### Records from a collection

↓

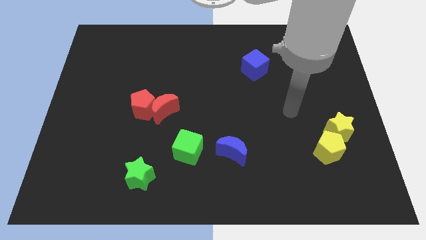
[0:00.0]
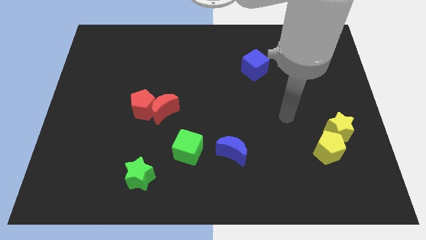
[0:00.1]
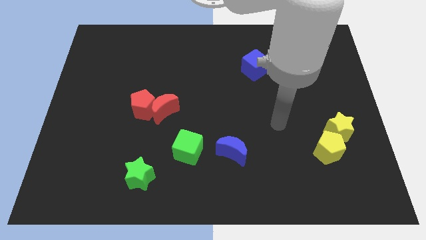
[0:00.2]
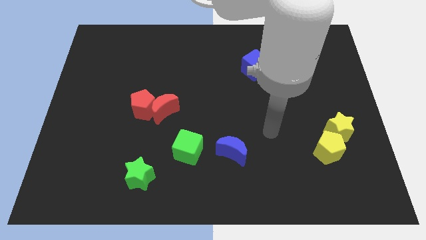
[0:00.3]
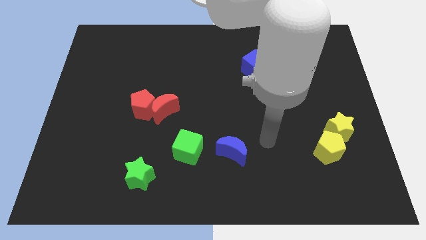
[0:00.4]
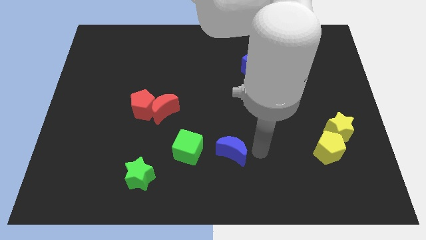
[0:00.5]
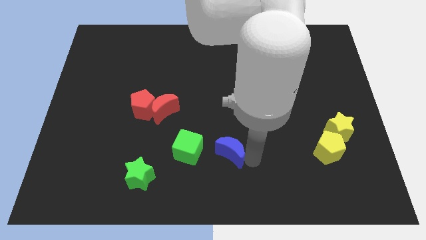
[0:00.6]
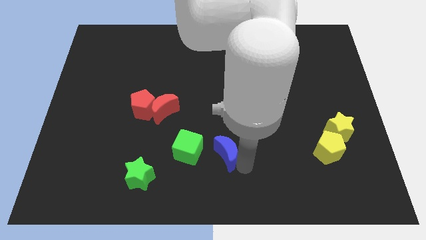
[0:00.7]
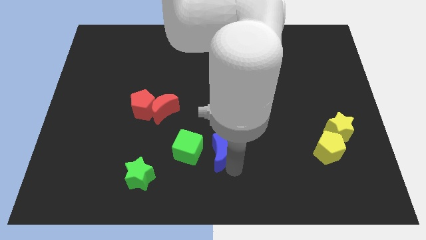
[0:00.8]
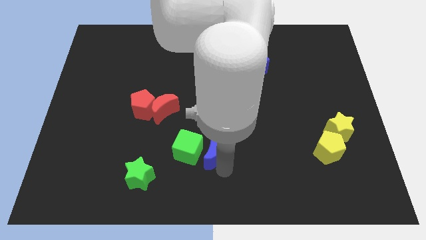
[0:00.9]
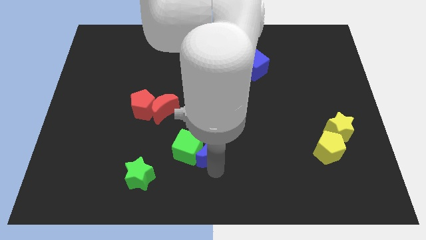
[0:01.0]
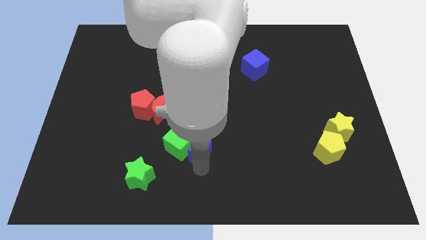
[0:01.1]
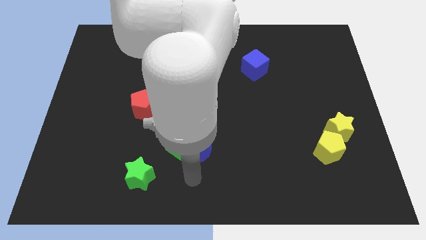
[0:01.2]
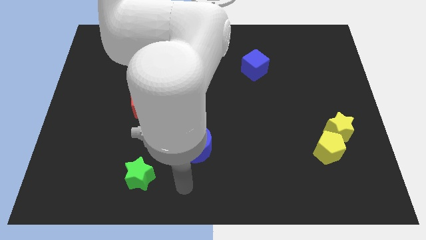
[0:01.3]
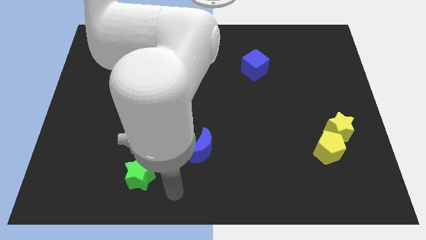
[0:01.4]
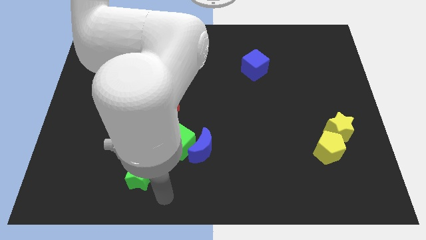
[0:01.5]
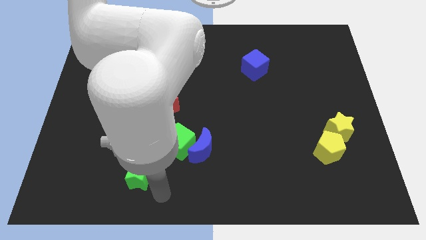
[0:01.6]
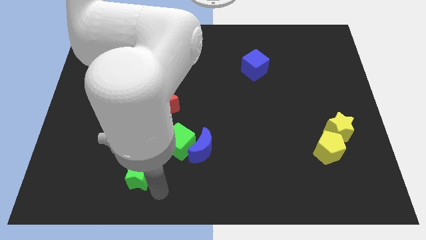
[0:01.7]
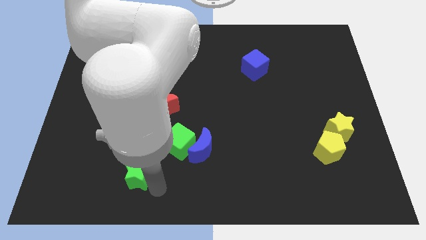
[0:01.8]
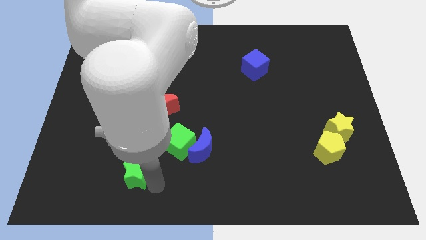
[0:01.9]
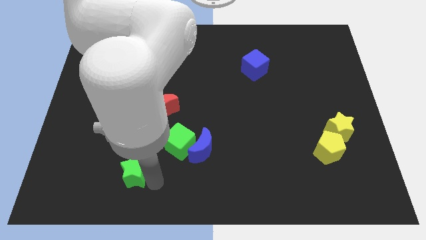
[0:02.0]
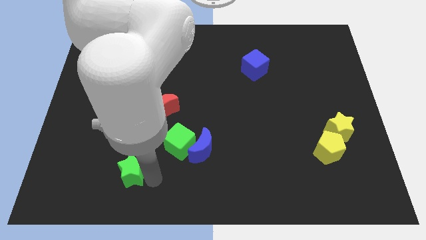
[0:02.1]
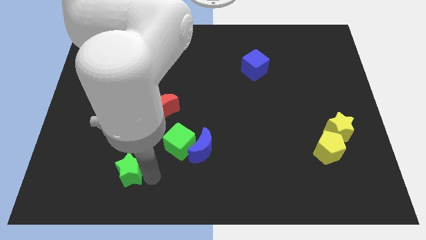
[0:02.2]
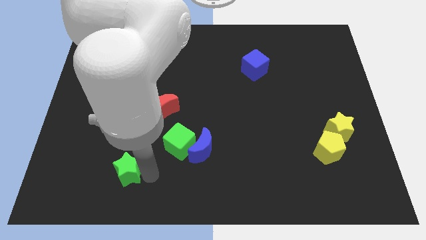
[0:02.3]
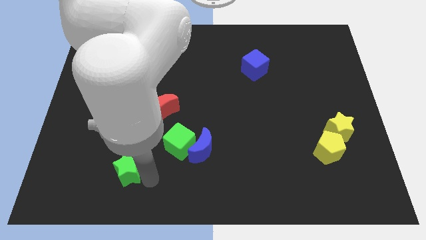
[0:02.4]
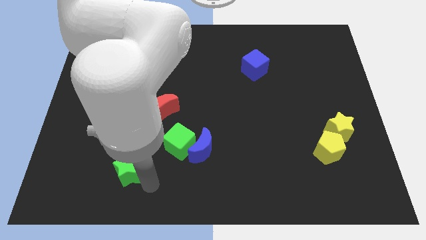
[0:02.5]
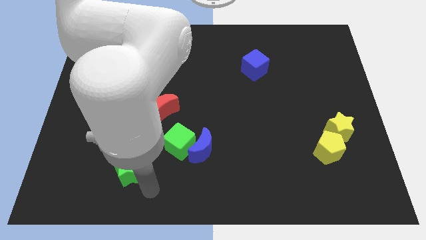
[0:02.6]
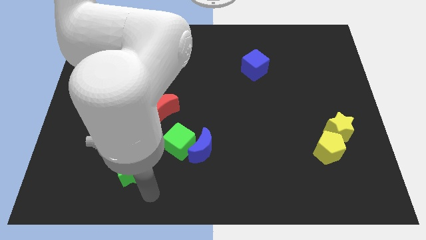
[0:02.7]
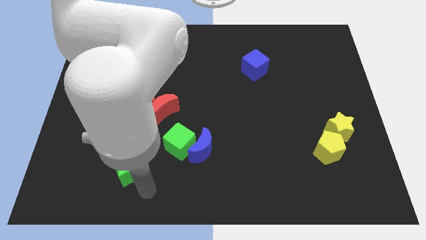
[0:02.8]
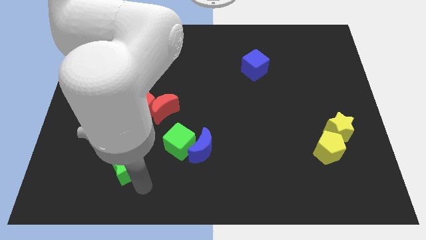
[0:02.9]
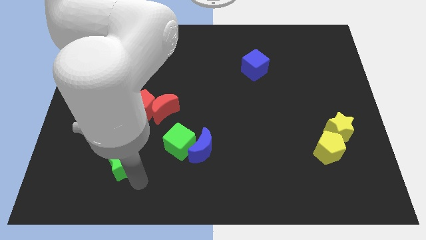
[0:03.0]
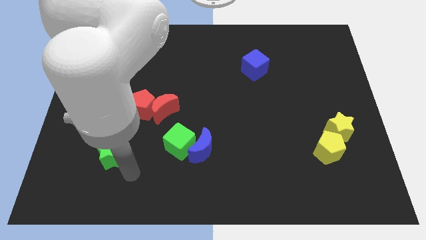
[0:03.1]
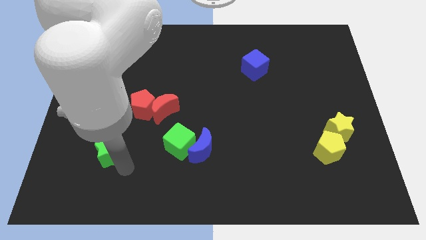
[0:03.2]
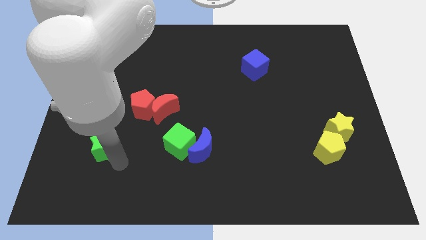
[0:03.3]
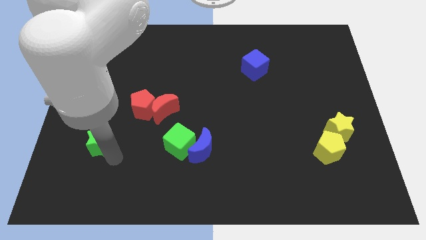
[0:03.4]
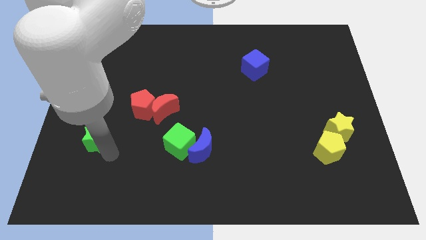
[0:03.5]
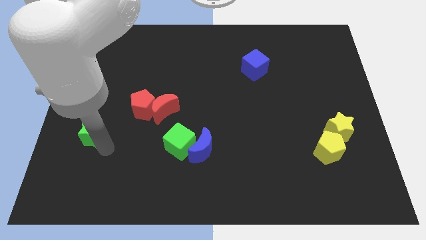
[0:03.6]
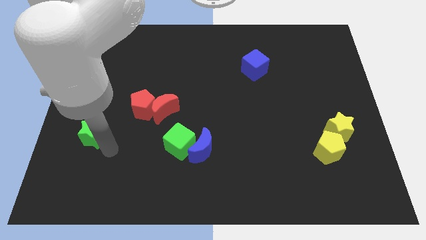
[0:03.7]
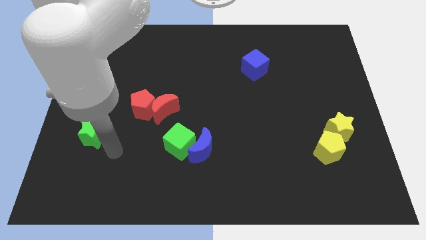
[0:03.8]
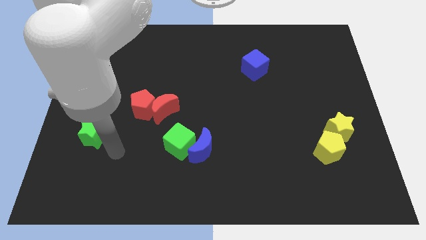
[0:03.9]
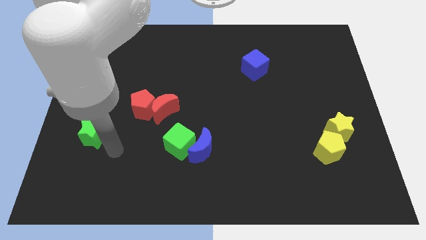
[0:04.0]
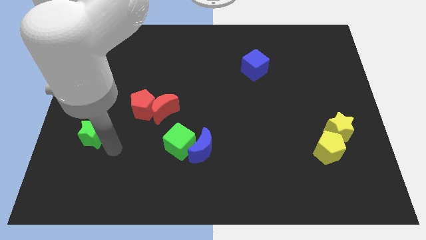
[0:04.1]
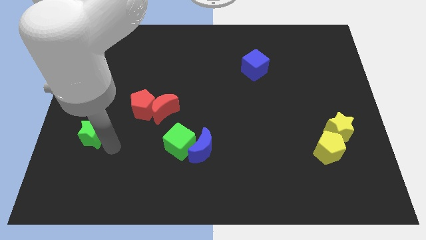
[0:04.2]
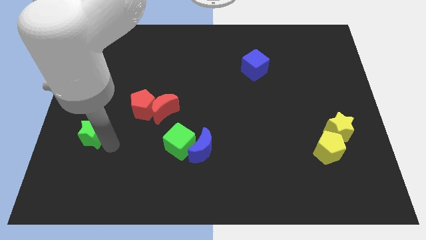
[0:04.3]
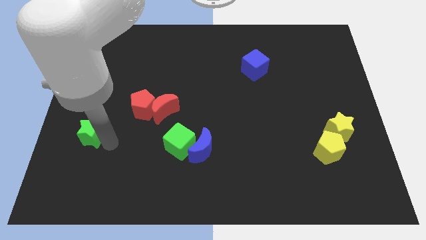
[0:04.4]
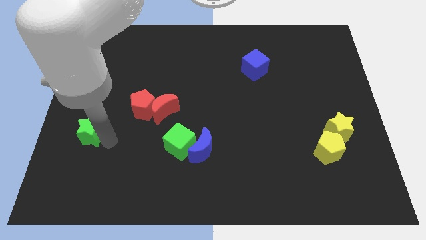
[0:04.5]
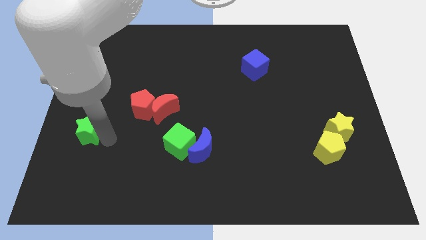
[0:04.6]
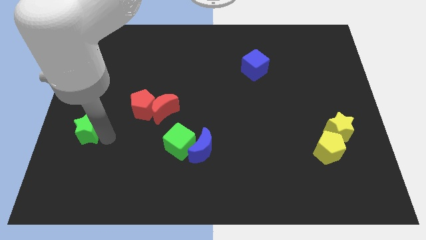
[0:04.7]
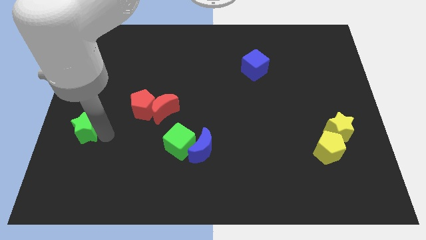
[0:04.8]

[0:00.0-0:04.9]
put the green star to the left side

↑

### Problem statement
Reproduce all the records verbatim, excluding images.

### Solution to this task
[0:00.0]
[0:00.1]
[0:00.2]
[0:00.3]
[0:00.4]
[0:00.5]
[0:00.6]
[0:00.7]
[0:00.8]
[0:00.9]
[0:01.0]
[0:01.1]
[0:01.2]
[0:01.3]
[0:01.4]
[0:01.5]
[0:01.6]
[0:01.7]
[0:01.8]
[0:01.9]
[0:02.0]
[0:02.1]
[0:02.2]
[0:02.3]
[0:02.4]
[0:02.5]
[0:02.6]
[0:02.7]
[0:02.8]
[0:02.9]
[0:03.0]
[0:03.1]
[0:03.2]
[0:03.3]
[0:03.4]
[0:03.5]
[0:03.6]
[0:03.7]
[0:03.8]
[0:03.9]
[0:04.0]
[0:04.1]
[0:04.2]
[0:04.3]
[0:04.4]
[0:04.5]
[0:04.6]
[0:04.7]
[0:04.8]

[0:00.0-0:04.9]
put the green star to the left side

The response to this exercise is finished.